自分が自分の親友になる、についてずっと考えている。ここ数週間で三人くらいの人がこれを言葉にしているのを見た。期待した返答がこなくて落胆したりとか、似たペースで動いてくれなくて疲れるとか、そういった勝手すぎる依存が自分相手だったらおそらくない。理解。では一体この孤独はなんだろう?
ヒーローが話をしているのを、黙って聞けばいいわけじゃないんです。皆がそれぞれ自分の話をすればいいし、皆がその話を聞いたらいい。
「誰もヒーローにしない」ということ ― 韓国生まれの表現者 イ・ラン インタビュー(https://wezz-y.com/archives/71184)

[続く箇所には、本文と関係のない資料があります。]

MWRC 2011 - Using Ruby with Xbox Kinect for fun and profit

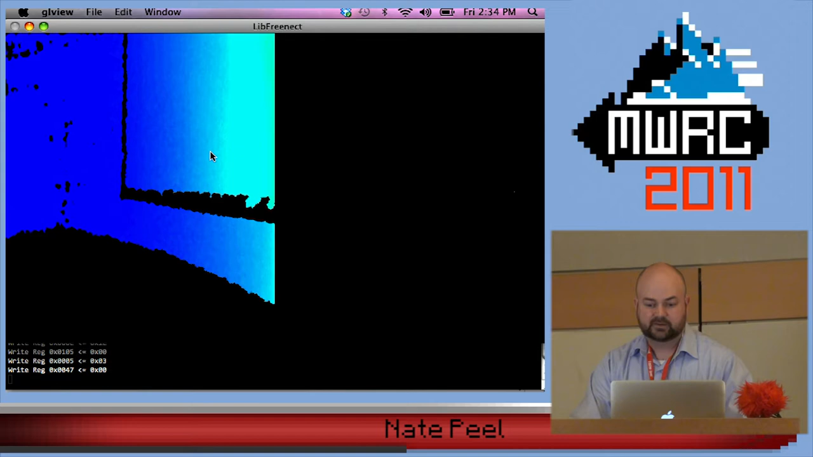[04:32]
So this is the infrared mode.
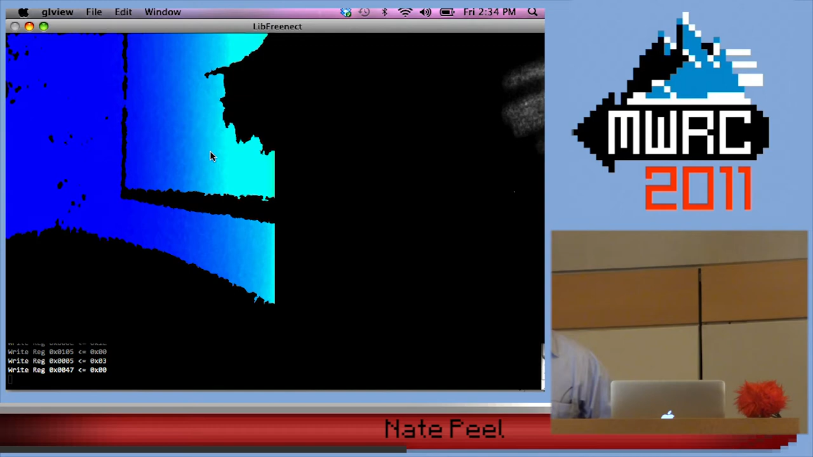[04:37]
I guess it's too far away to hit anything back there, but you can kind of see the patterns that it's projecting on my hand and the little dots.

(自分ではない、他人の)親友がいた頃のことを振り返ると、共通の話題で何時間も喋ったり同じものを何度も見たりしていたなと思う。それが別の学校に行き、違う土地に住み、子どもを産んだり産まなかったりで、「共通」とか「同じ」がぽつりぽつりと消えていった。新しい出会いに友情を期待してちょっと努力をしたことも幾多あるけれど、いつも疲労が勝ってしまって一人の部屋に戻っては安心してやっぱりここだと思う。でも親友はほしい。今いたらきっと楽しいと思うのは共通の政治の話ができる友達で、同じフェミニストの友達で、でも私はそういった人達と本の中やインターネットの上で出会ってしまったから肉声での会話がない。
自分と会話ができたら楽しいだろうか。ChatGPTに聞いてみる。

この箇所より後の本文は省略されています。